In the title lookup service, we configure cross checks for identifier families. Previously, this was only defined as

"cross_checks" : [ ["issn", "eissn"], ],

This means that depending upon which values comes in first, the issn or the eissn, the reciprocal cross check might not fire. Have added the reciprocal

["eissn", "issn"],

@sosguthorpe, @ostephens I need a logic check here - does that sound right? This is checked on to dev at the moment, and we need to figure out a way to resolve the duplicate titles we already have.

ianibo commented 8 years ago

Fixed boundary condition in importer chunking code. retest please.

jhsolomon commented 8 years ago

I tested Brill: Online Journals: test 2 and it showed a partial ingest.

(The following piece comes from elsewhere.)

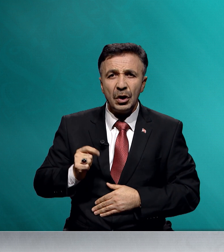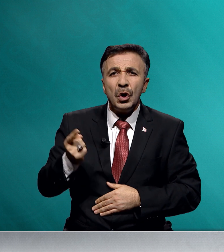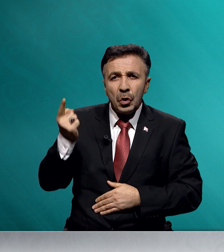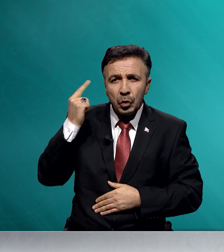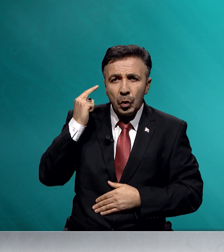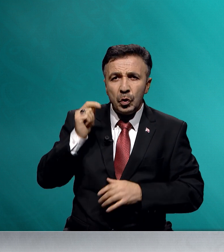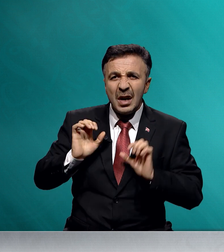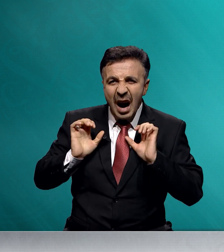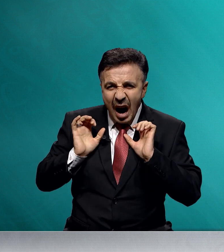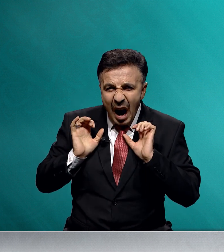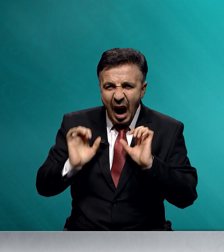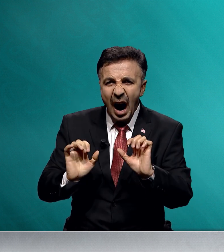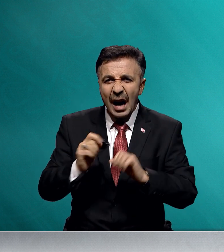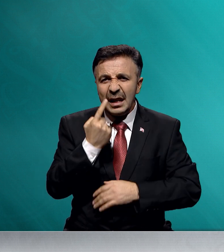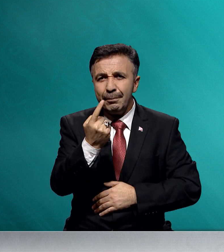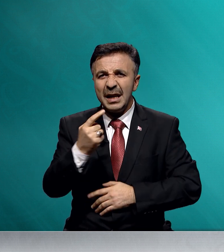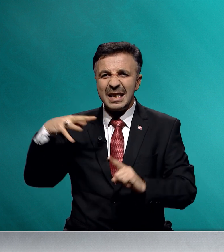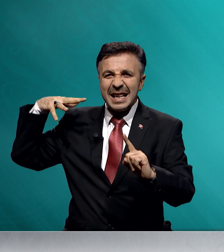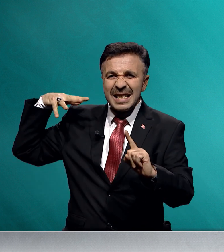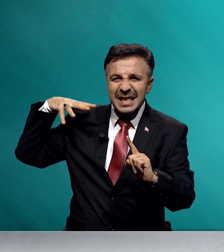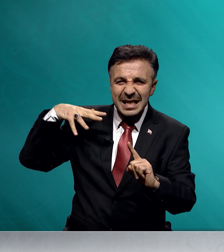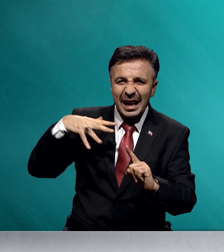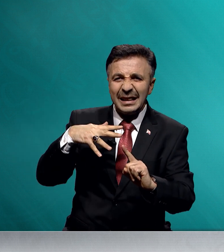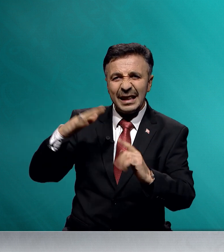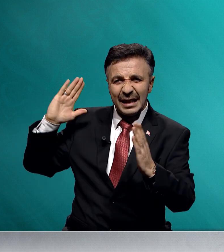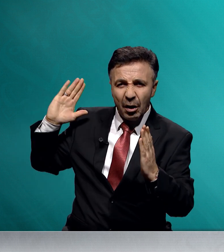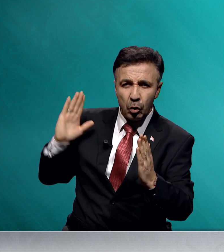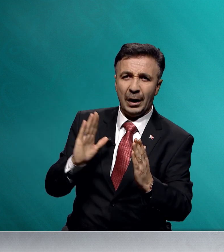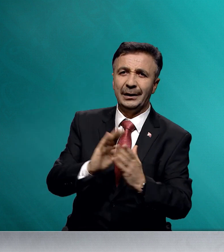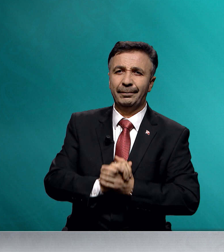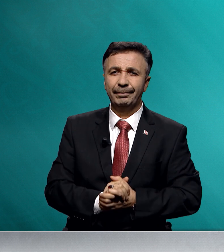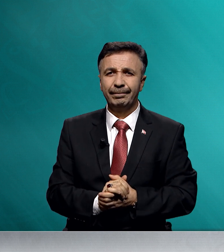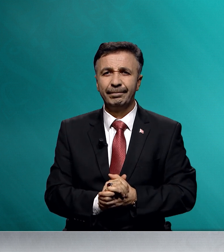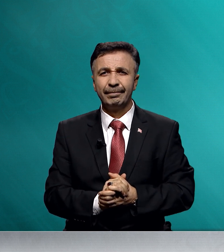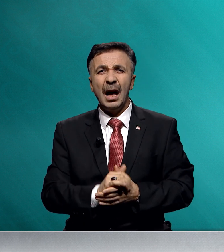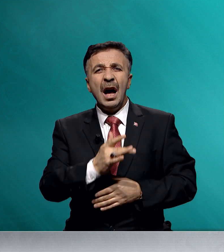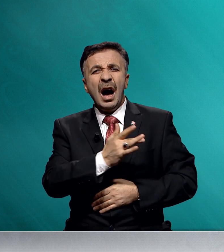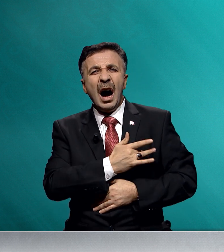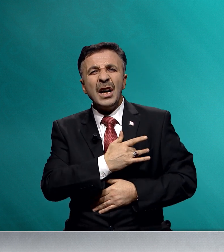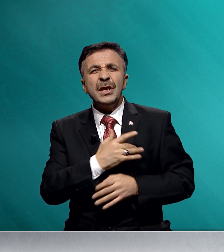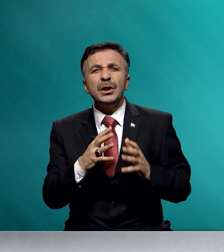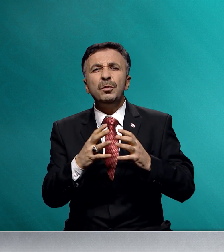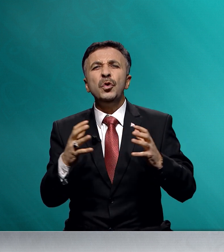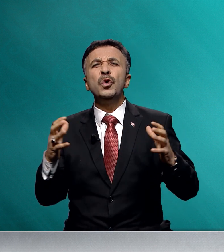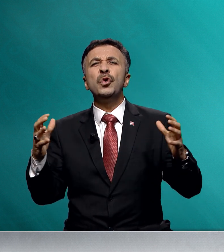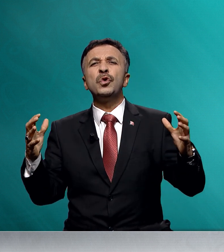dün hain bir saldırıya uğradı. Acımız büyük,
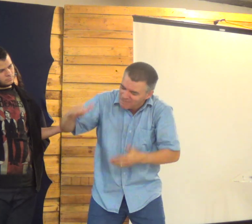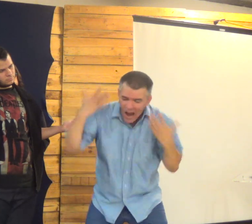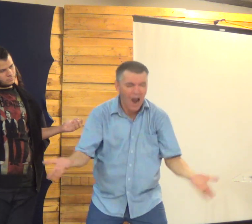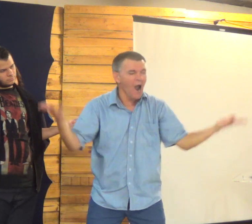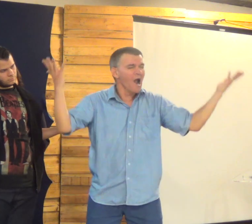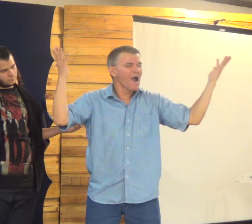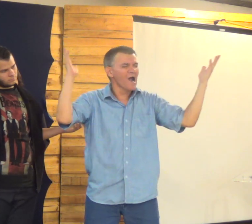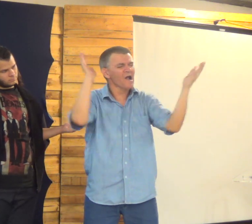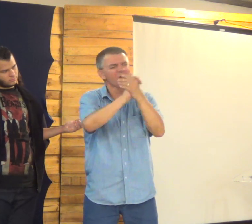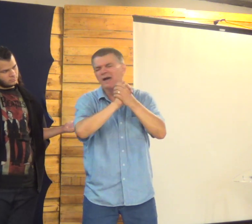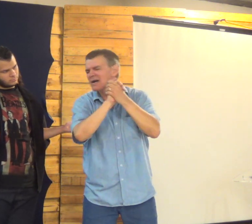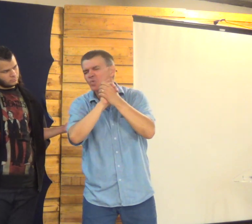Começando

When I looked at the package in Refine, the title that was not ingested was Islamic Africa. I checked in the CRED and there were two title records for Islamic Africa. I deleted one title record and then re-ingested the package.

The second time, the file still ingested partially due to the same title. I verified the ISSN and eISSN in the file with the ISSN and eISSN in the CRED. The ISSN in the file was actually the ISSN for a previous title Sudanic Africa (Norway) (0803-0685). I changed the ISSN in the file to the correct one (which was already in the CRED (2333-262X) and reingested a third time.

This time the package ingested completely.